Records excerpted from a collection
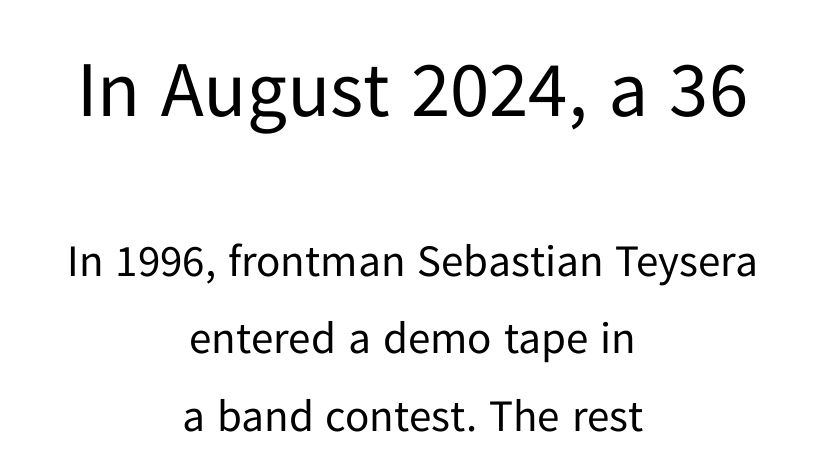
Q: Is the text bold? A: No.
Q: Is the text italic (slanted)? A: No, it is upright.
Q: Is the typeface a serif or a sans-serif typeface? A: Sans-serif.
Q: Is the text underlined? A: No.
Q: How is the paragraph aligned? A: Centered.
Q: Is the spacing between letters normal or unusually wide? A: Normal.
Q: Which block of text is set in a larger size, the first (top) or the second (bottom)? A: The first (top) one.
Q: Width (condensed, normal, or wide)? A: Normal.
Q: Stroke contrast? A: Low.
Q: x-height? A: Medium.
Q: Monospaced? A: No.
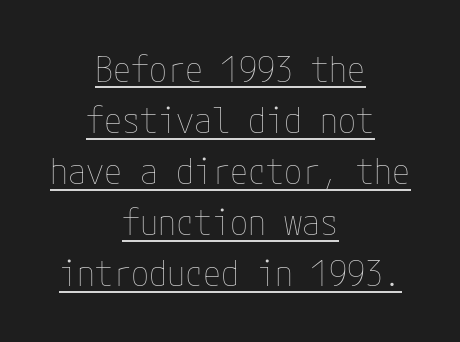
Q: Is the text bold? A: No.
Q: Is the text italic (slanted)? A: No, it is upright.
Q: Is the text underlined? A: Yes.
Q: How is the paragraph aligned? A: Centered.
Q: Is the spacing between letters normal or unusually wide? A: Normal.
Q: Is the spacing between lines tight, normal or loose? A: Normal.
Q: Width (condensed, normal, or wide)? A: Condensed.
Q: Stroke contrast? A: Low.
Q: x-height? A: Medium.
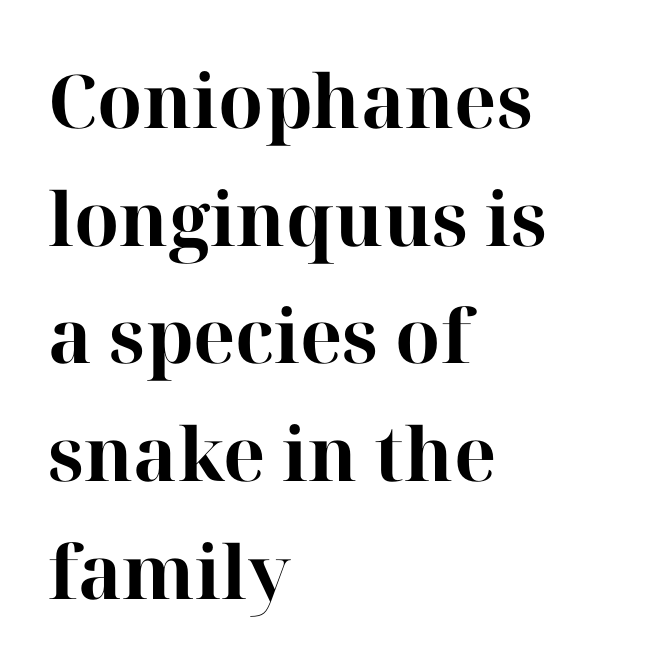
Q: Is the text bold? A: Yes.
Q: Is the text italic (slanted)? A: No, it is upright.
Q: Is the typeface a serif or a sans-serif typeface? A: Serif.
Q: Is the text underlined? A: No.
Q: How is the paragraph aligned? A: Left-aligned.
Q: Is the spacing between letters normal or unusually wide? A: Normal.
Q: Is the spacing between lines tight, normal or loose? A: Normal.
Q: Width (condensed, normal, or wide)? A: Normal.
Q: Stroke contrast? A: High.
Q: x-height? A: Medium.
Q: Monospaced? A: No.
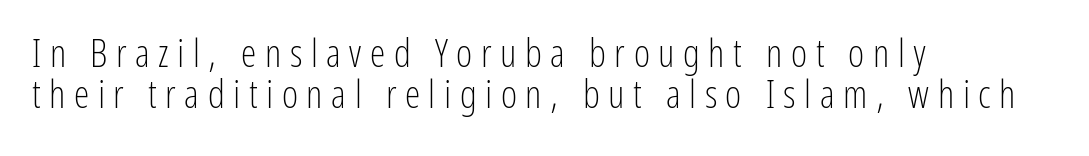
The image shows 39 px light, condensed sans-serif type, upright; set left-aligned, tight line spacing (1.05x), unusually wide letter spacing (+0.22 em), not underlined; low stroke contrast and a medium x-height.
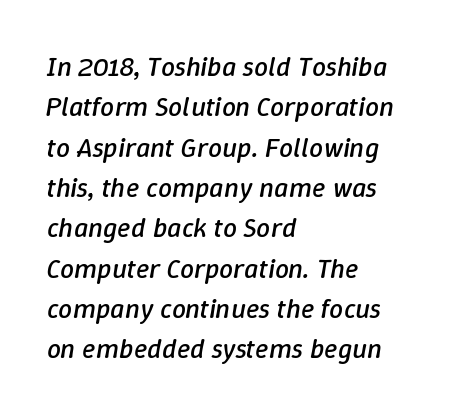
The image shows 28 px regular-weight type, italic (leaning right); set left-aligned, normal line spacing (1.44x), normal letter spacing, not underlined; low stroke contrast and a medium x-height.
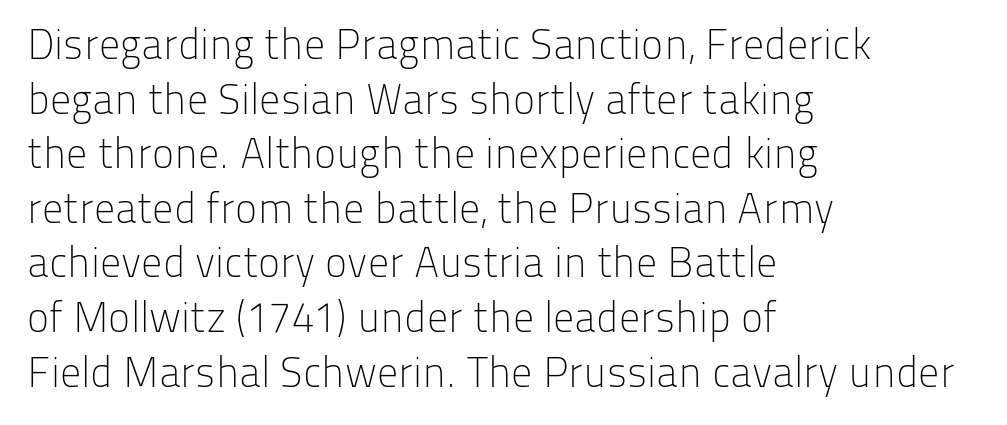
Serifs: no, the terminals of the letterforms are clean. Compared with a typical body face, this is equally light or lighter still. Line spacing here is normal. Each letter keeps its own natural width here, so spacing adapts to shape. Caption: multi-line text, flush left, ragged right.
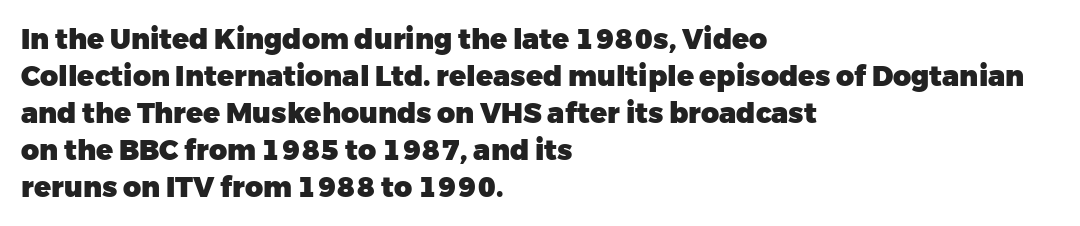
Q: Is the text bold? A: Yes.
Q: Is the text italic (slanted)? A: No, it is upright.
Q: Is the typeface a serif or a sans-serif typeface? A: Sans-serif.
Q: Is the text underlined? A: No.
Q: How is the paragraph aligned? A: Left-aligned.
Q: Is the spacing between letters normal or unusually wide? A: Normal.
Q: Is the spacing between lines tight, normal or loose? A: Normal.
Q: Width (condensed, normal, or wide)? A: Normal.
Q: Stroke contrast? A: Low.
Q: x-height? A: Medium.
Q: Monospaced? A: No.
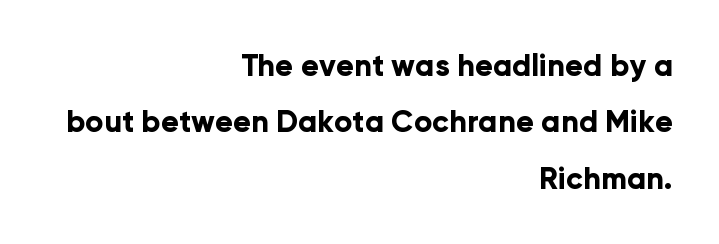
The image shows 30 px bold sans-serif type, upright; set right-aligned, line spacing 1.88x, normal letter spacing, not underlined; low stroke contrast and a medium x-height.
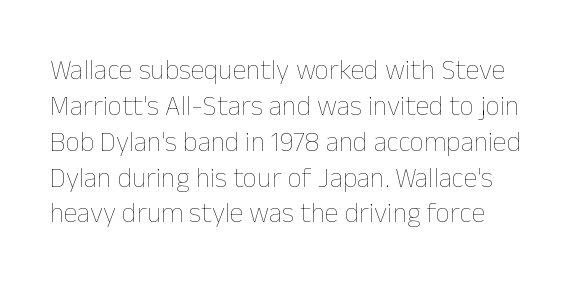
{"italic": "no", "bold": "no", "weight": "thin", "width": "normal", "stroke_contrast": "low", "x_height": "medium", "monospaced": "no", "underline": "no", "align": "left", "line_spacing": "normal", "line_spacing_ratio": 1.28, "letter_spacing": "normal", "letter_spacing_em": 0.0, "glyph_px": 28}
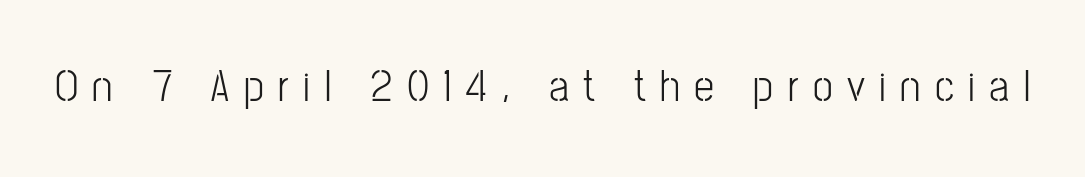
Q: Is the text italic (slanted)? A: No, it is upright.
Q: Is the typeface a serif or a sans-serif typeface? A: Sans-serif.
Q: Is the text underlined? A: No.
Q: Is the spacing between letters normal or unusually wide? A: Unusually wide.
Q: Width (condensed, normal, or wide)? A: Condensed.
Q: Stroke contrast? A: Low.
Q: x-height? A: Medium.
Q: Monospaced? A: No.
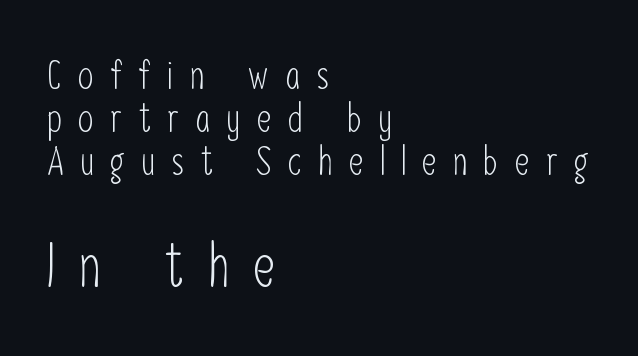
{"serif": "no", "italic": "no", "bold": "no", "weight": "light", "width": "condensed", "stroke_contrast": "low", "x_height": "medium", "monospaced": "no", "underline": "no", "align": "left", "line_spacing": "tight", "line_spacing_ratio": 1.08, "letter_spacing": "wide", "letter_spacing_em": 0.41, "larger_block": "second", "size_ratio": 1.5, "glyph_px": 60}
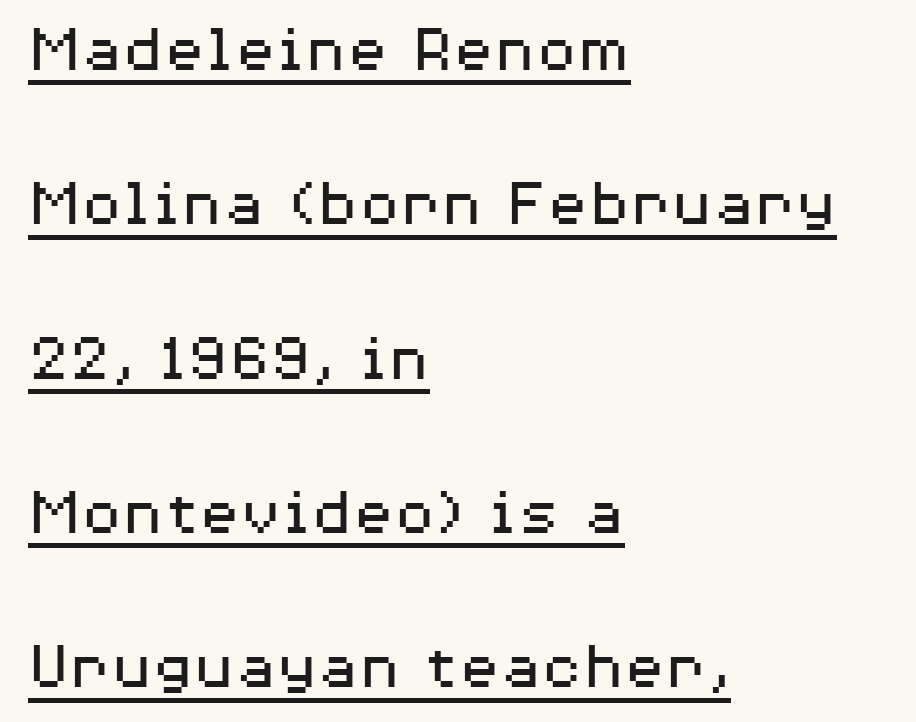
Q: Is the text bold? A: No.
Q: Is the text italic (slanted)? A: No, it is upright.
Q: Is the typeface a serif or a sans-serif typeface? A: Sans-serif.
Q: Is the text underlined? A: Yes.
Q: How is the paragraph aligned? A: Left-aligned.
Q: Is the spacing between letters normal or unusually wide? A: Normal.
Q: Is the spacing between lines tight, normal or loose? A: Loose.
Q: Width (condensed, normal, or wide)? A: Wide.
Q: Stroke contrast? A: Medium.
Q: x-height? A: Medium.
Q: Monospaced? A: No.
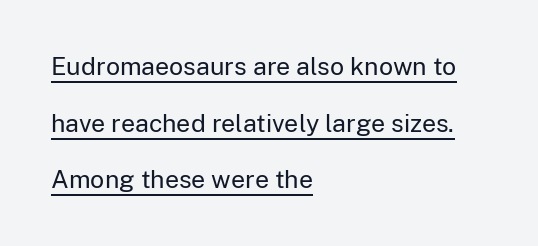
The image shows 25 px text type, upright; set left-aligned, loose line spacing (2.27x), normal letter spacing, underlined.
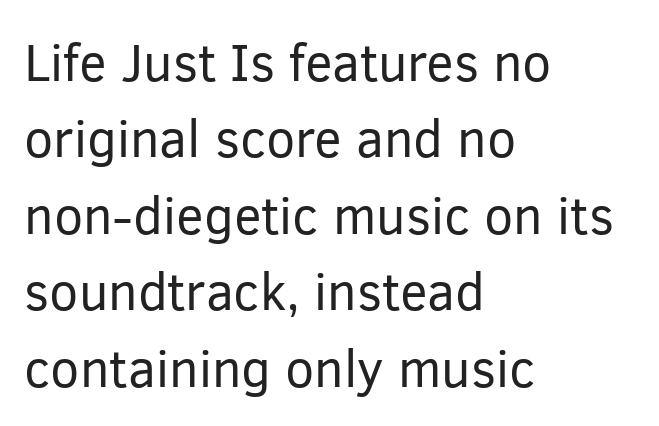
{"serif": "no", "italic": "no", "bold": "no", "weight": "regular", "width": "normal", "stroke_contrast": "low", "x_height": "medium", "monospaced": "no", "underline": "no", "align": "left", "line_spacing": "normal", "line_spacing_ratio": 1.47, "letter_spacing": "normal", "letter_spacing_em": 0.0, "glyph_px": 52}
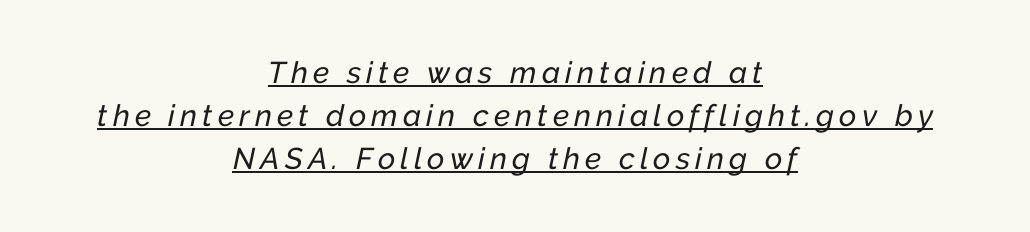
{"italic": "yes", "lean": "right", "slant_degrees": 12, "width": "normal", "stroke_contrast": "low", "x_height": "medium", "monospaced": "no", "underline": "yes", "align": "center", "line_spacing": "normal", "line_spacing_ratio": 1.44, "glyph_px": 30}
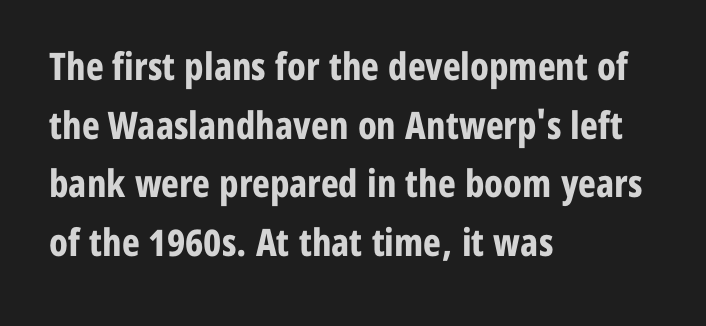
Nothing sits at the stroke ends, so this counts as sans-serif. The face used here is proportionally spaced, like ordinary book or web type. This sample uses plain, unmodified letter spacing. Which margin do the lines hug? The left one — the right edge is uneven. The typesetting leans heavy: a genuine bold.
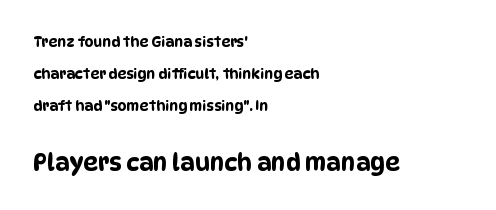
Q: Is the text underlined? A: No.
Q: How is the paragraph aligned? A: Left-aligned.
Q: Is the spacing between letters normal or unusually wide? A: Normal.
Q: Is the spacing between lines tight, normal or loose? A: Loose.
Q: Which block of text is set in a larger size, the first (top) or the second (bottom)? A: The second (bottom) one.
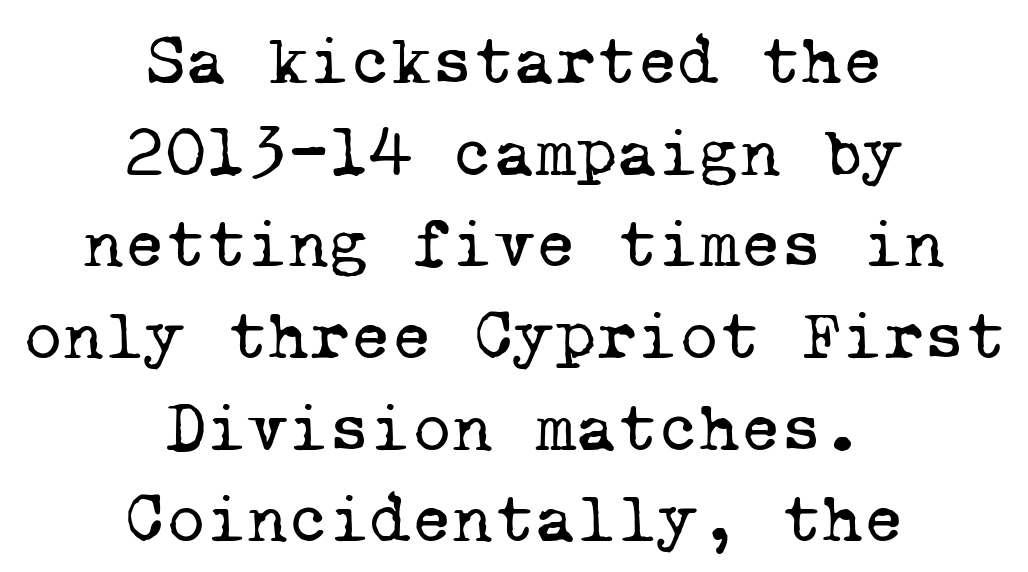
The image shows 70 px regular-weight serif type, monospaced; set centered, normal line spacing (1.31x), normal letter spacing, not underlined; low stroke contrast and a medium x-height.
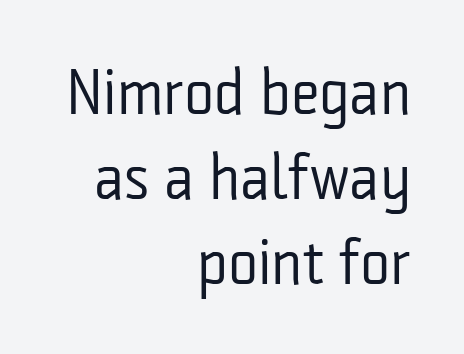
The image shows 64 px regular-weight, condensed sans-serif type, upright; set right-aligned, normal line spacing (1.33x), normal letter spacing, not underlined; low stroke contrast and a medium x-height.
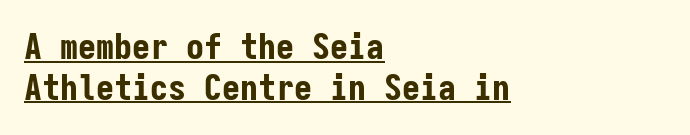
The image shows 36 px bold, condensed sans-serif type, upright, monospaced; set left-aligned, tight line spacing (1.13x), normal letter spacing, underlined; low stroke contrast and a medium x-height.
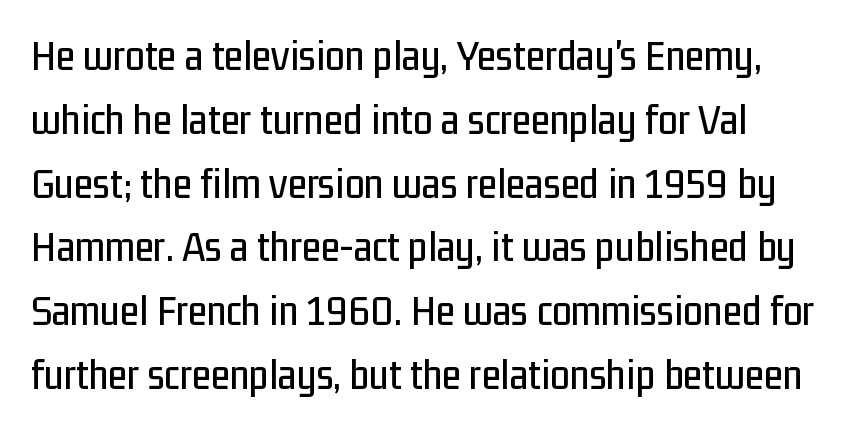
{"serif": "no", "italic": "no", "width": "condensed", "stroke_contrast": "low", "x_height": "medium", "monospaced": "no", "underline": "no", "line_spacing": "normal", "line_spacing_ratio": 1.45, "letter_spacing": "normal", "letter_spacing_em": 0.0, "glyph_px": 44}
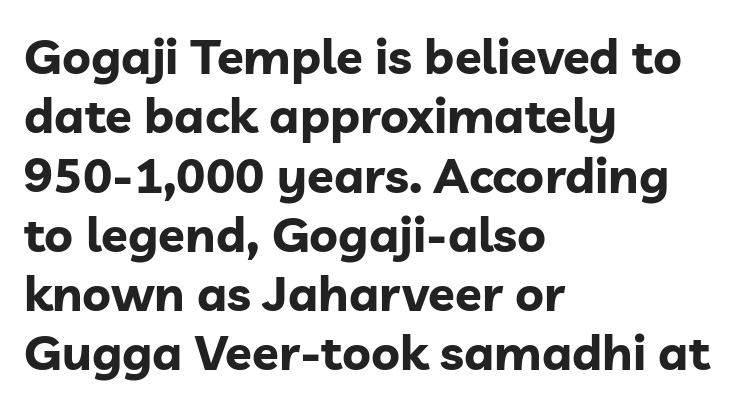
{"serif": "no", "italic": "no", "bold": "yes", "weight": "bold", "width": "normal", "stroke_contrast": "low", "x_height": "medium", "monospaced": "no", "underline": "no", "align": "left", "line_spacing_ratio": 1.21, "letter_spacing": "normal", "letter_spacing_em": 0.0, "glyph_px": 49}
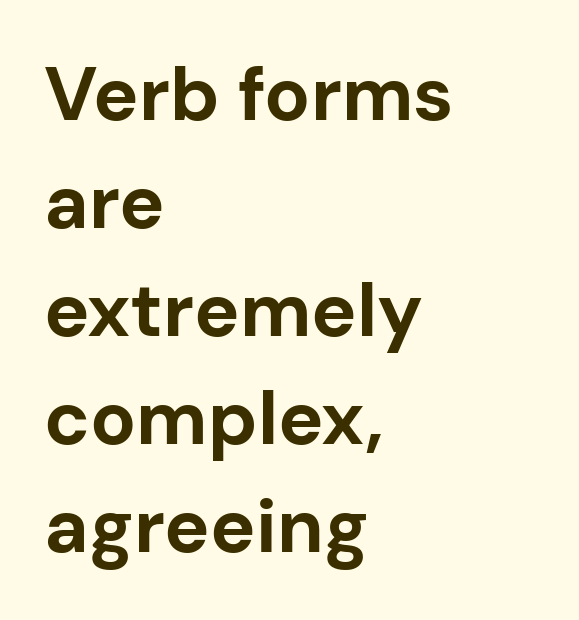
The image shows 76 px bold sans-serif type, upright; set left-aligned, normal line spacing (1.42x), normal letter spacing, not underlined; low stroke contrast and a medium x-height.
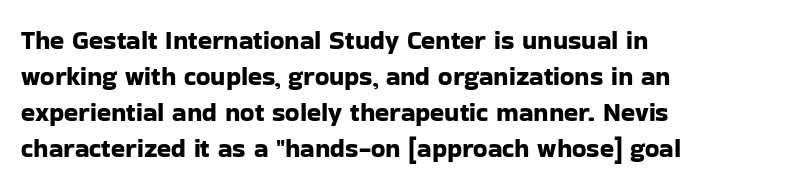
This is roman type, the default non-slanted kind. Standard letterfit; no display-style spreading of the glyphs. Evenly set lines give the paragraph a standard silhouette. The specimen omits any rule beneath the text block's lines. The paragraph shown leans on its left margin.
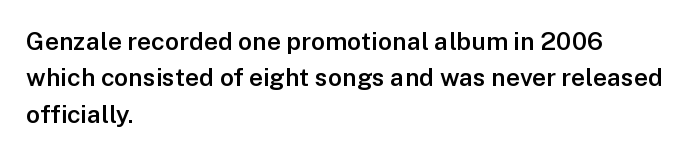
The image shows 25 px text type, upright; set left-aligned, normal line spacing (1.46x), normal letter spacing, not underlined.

Exercise » In how many lines of the records does the word "condensed" occur? Reply with the number only.

Reply to the task » 11